CINCINNATI -- Reds reliever Nick Christiani, called up for the first time on Thursday from Triple-A Louisville, had a successful Major League debut Friday with 1 1/3 scoreless innings vs. the Brewers.
Christiani, who replaced Alfredo Simon in the eighth and inherited a runner on second base with two outs, walked his first batter, Norichika Aoki, on four pitches, but retired his final four in a row.
"I just stepped off and took a deep breath and reminded myself to do what got me here and not try to do too much," Christiani said of regrouping following the walk. "The first hitter, I was trying to throw the ball a million miles an hour. It's going to do nothing but get me into trouble."
Christiani, a New Jersey native, had his parents, sister and girlfriend in attendance at Great American Ball Park. He was given the ball from his first pitch and the one from his first strikeout as keepsakes.
Reynolds gets the call for injured Cingrani
CINCINNATI -- Lefty Tony Cingrani believed his back was fine and that he could make his next start on Sunday vs. the Brewers. But the Reds thought otherwise.
Cingrani is expected to be placed on the 15-day disabled list with a right lower back strain. The Reds announced following Saturday's 6-3 victory over the Brewers that right-hander Greg Reynolds would replace Cingrani in the series finale.
"If something happened to [Cingrani], we couldn't really afford a short outing tomorrow to use my bullpen again, especially before we get to St. Louis [on Monday]," Reds manager Dusty Baker said.
On Tuesday against Arizona, Cingrani exited after only 3 2/3 innings when he felt soreness in his back. A bullpen session on Friday was cut short after only 12 pitches. Not long after Cingrani made his case to reporters that he was ready, Reynolds arrived from Triple-A Louisville on Saturday afternoon.
Since Tuesday, Cingrani has put his back through therapy, electronic stimulus and anti-inflammatory drugs and proclaimed that he felt a lot better.

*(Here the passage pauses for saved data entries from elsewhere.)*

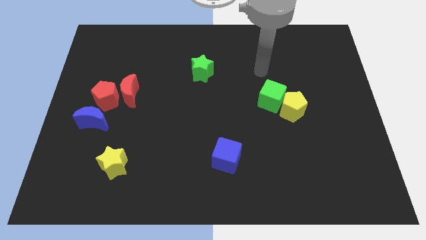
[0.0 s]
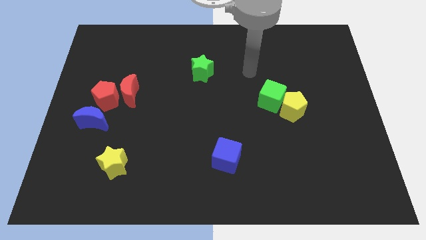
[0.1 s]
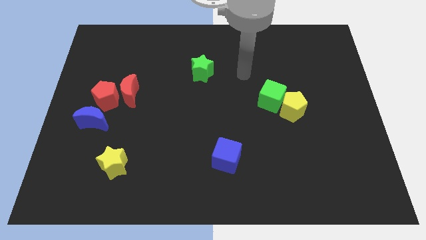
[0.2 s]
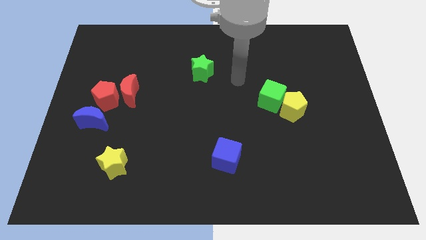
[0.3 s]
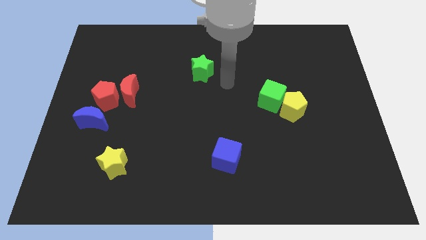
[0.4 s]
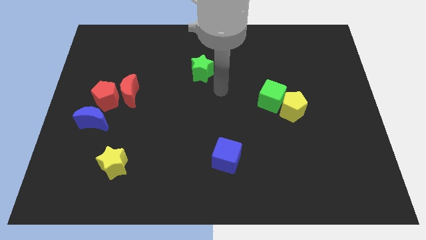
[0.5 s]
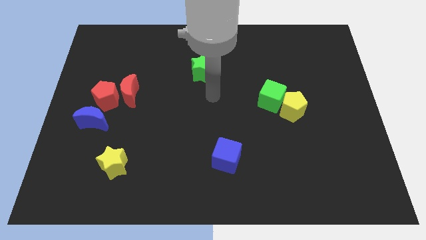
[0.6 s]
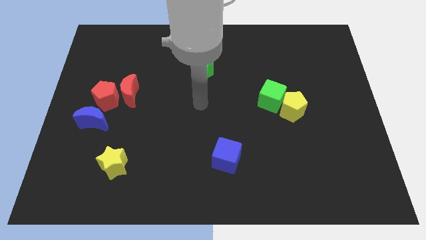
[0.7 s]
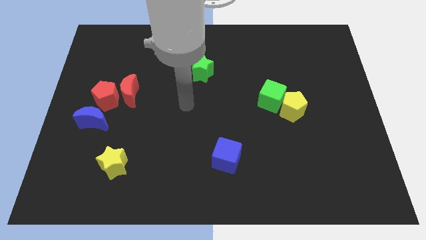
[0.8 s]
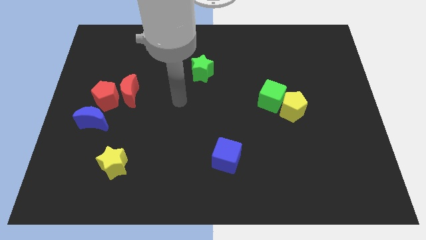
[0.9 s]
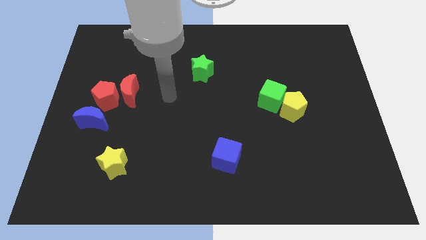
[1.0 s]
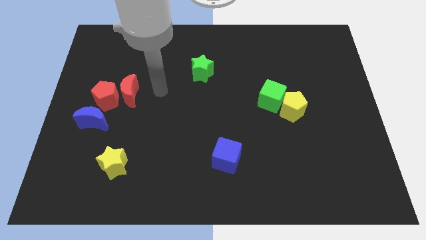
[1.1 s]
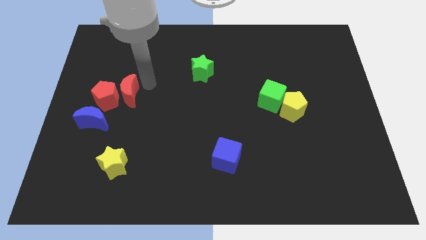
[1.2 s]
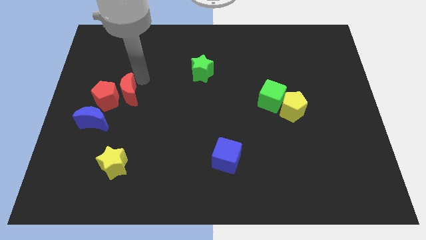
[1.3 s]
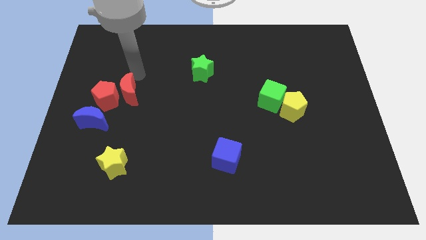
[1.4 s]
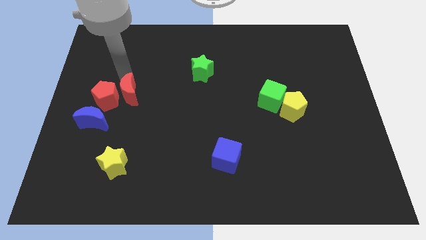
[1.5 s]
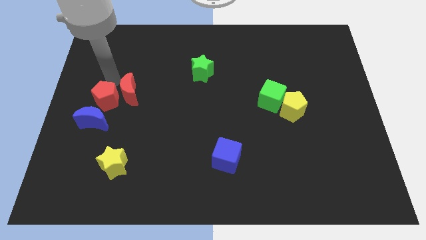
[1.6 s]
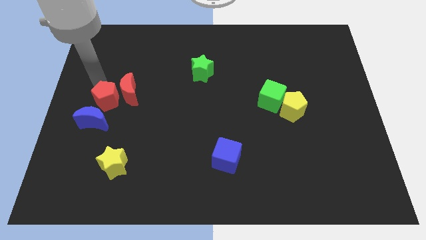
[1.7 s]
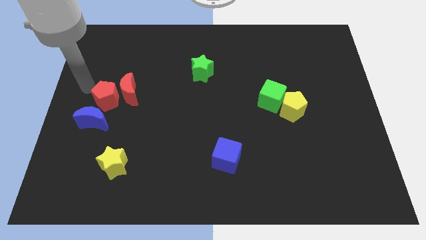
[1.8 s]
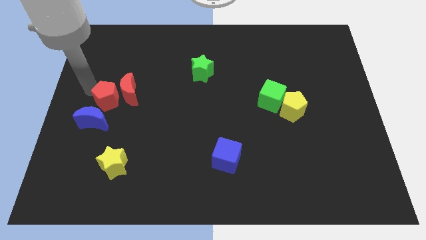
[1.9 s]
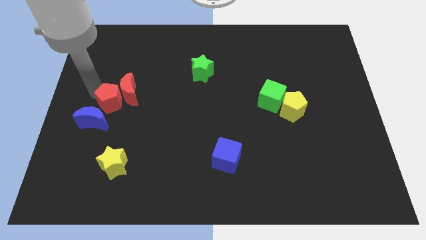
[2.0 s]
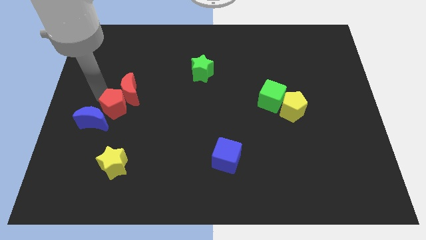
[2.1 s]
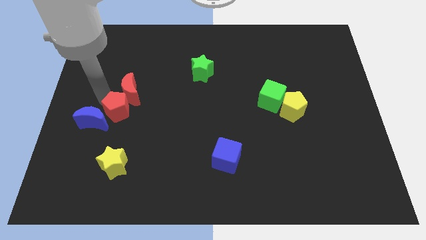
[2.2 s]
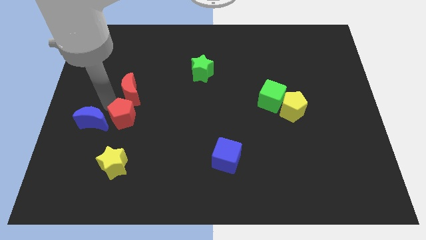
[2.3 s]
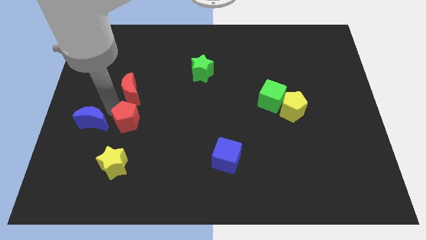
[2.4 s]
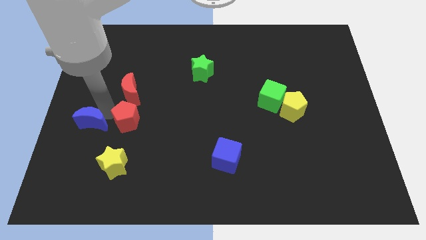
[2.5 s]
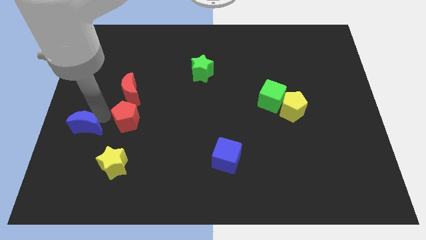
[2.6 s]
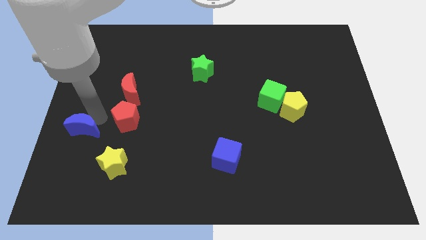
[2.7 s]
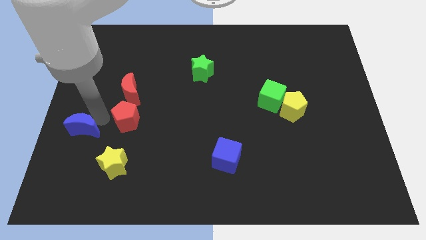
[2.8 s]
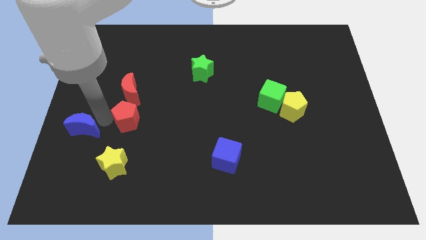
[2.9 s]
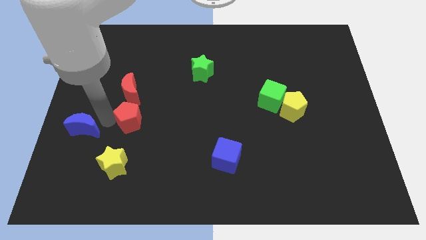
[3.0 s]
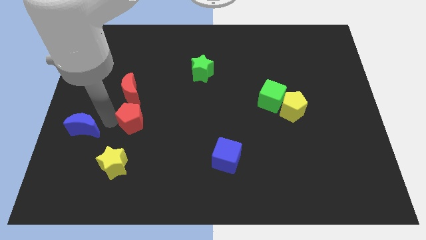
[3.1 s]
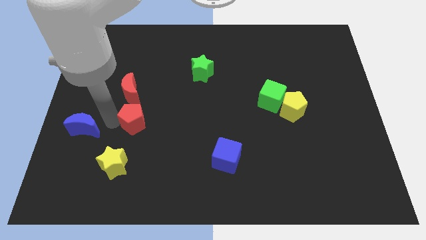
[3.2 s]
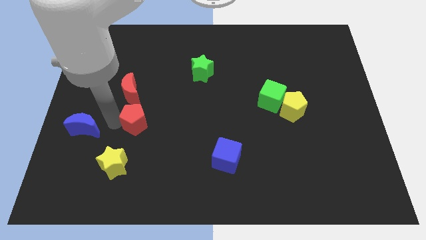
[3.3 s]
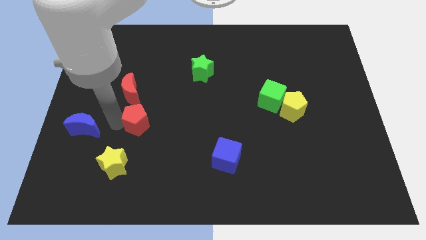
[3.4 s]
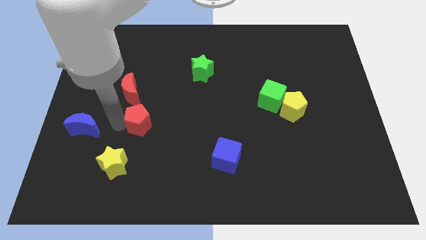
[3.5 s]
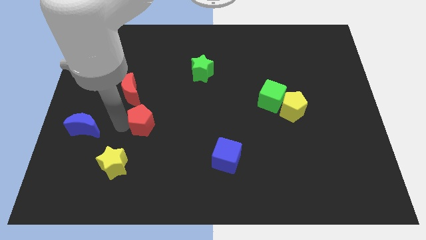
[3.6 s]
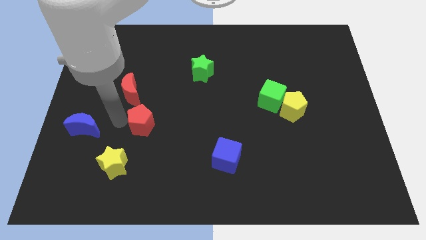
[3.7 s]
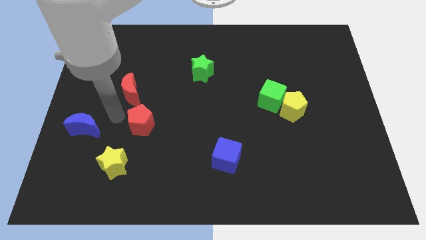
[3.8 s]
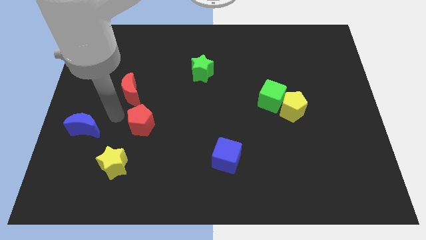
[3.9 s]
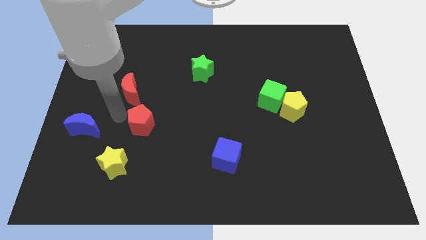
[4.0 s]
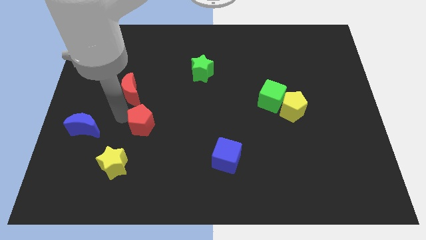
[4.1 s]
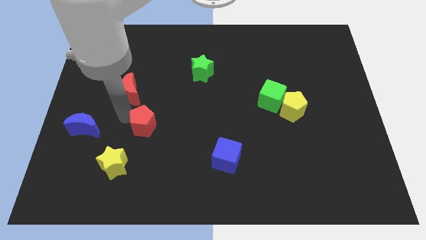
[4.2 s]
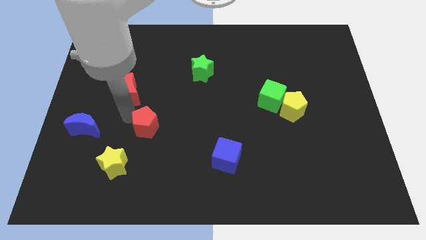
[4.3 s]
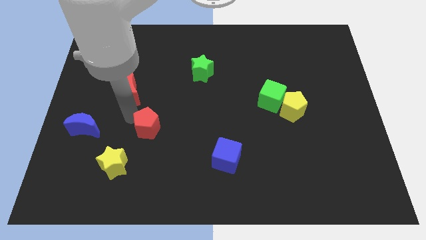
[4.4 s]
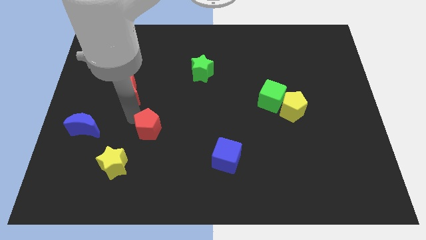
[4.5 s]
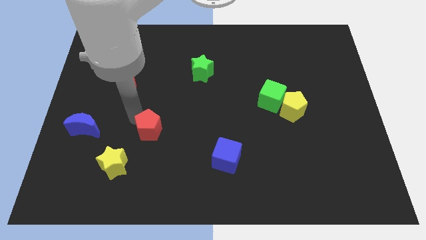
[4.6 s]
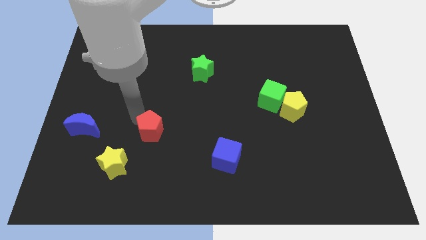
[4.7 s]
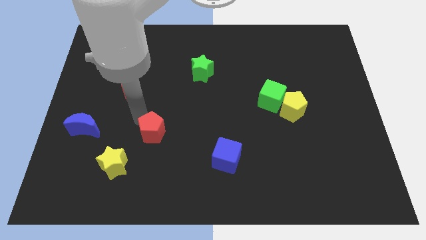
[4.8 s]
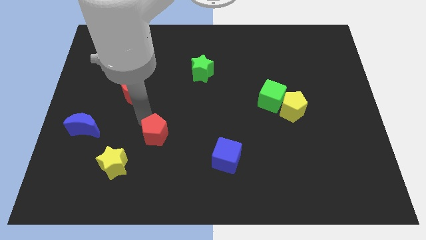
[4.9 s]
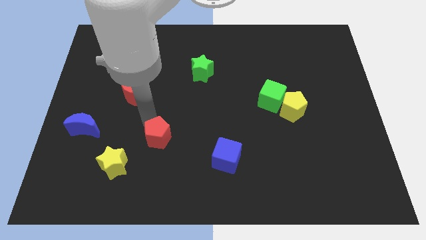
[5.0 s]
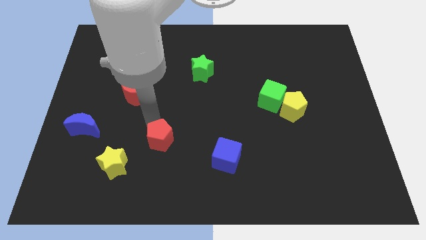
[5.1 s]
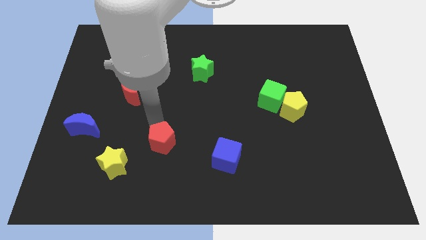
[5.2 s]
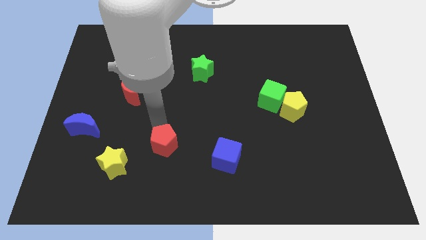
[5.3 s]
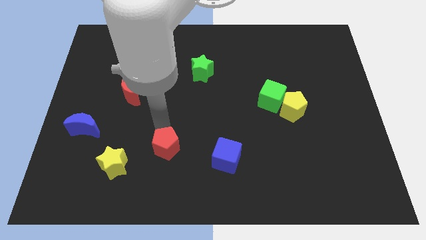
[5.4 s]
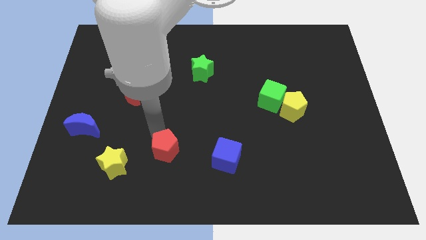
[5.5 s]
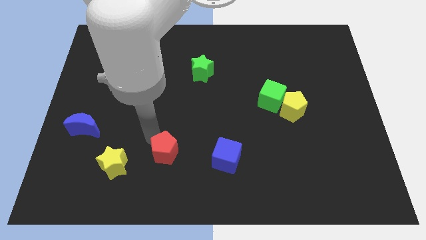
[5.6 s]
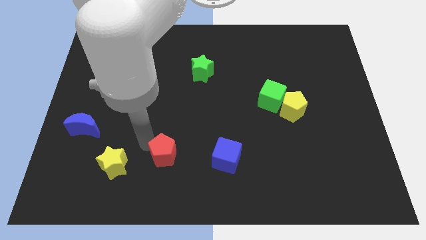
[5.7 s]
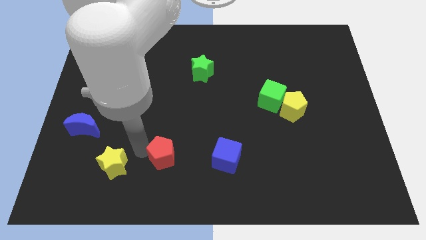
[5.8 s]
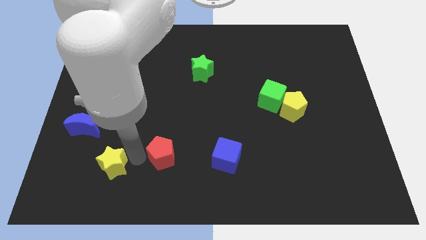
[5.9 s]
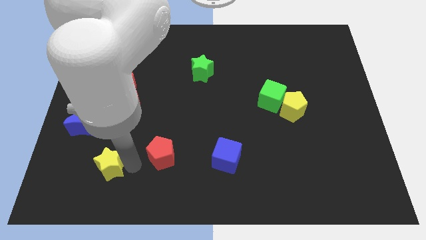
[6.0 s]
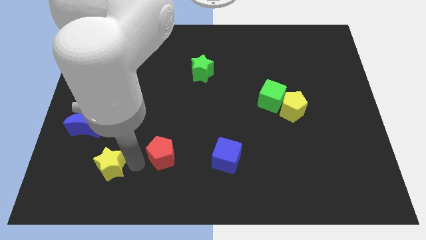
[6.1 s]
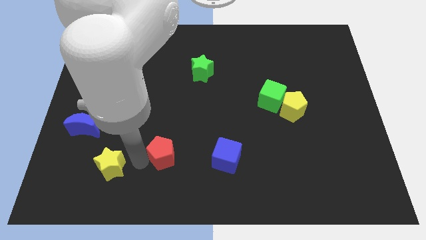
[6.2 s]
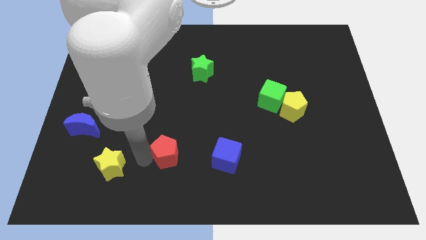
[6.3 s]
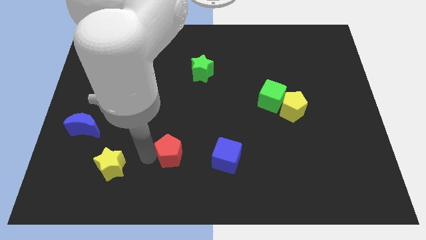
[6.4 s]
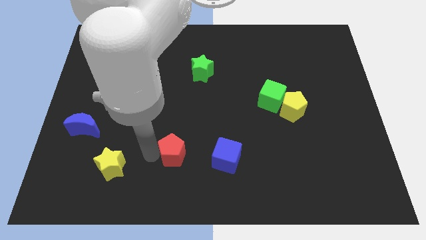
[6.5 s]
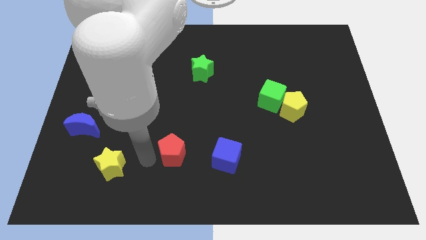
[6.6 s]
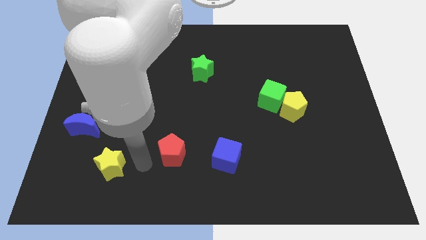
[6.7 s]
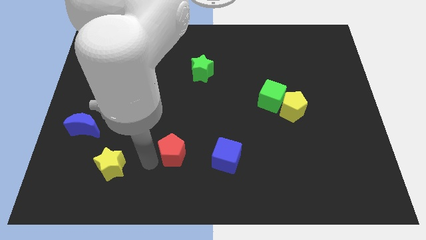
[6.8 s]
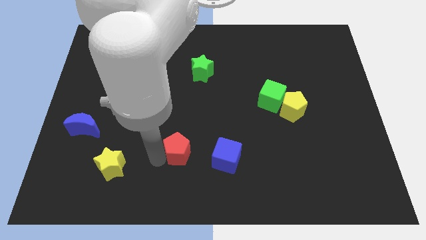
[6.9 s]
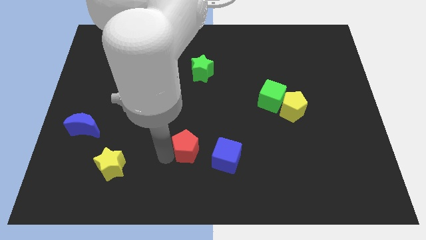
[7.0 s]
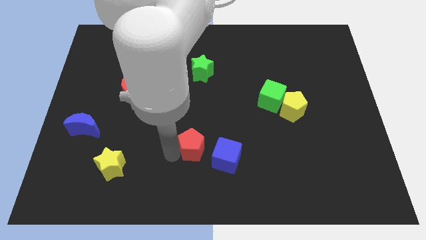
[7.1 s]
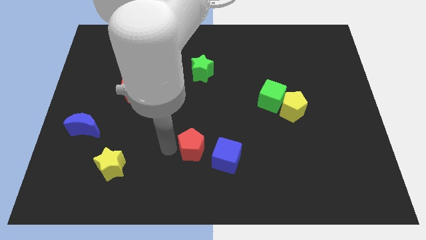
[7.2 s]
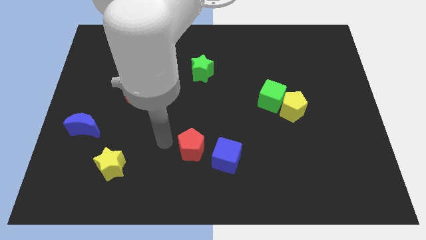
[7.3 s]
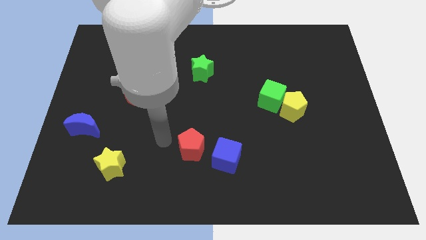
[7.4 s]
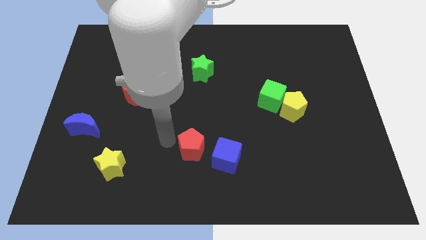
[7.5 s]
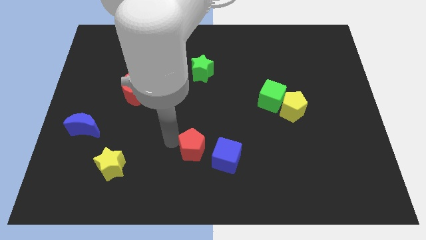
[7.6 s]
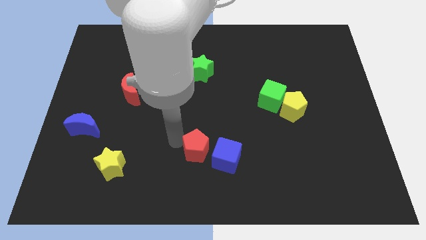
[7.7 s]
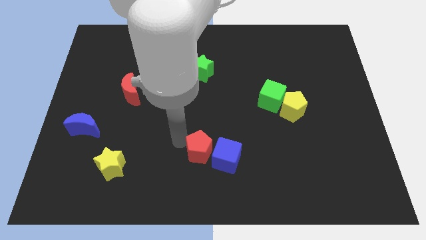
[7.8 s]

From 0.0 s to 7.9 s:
put the red pentagon to the blue cube

"I feel fantastic. Everything is moving good," Cingrani said before going on the field. "It's not up to me, that's for sure. I'd pitch every day, but that's not how it works."
Cingrani is 6-3 with a 2.76 ERA in 21 games, including 16 starts, during a strong rookie season filling in for injured ace Johnny Cueto. A DL move for Cingrani would be back dated to Aug. 21, and he'd likely miss two starts and return on Sept. 5 to face the Cardinals in Cincinnati.
Reynolds, the former overall No. 2 Draft pick of the Rockies in 2006, is 12-3 with a 2.42 ERA for Louisville. He last pitched on Tuesday also, working a complete game vs. Rochester and giving up just one run on five hits.
"It's good," Reynolds said of pitching Sunday after his normal four days of rest. "We're all about routines. It definitely makes a difference when you stay on schedule. If you have a couple of extra days sometimes, you don't feel as sharp. This is right on schedule."
Reynolds made one big league start for the Reds this season on June 23 at San Francisco, his first time in the Majors since 2011. The Bay Area native allowed five runs and eight hits over five innings. Three of the runs came in the first frame.
"I think I will be a little more comfortable this time, just with the guys," Reynolds said. "I've already met everybody. In San Francisco, things were moving a little fast that first inning, and I was having a tough time slowing it down. I don't anticipate that will be an issue again. There will definitely be some adrenaline, but I'm sure I will able handle it this time."
Baker gives Bruce a rest, starts Heisey
CINCINNATI -- It doesn't happen often, but Reds right fielder Jay Bruce was not in Saturday's lineup vs. the Brewers. Chris Heisey started in Bruce's place.
Bruce is 3-for-13 lifetime vs. Brewers starter Wily Peralta, but the issue is the bigger picture. He is batting .192 with two homers over his last 20 games, including 0-for-4 on Friday, and 3-for-19 on the homestand.
"It's as much a mental off-day as it is anything else," Reds manager Dusty Baker said. "When you're a little fatigued, you start missing pitches and fouling pitches off. The difference in your concentration is less than a 10th of an inch between a popup, a foul ball and a home run. I just saw and thought it was necessary."
Bruce entered the night leading the Majors in total innings played and had started the previous 90 games in a row. Baker told him following Friday's game that he would not be in Saturday's lineup.
"He told me to come in a little later and don't do much," Bruce said. "It is hard. He's pretty adamant about giving guys some rest when he thinks they need it. I respect that."
Bruce entered Saturday batting .266 with 24 home runs and 81 RBIs, and his 34 doubles were one shy of his career high. With upcoming series vs. the Cardinals, Pirates and Dodgers, chances for days off are unlikely through the rest of the season.
"He explained it to me, which he doesn't even owe me an explanation," Bruce said of Baker. "I appreciate that."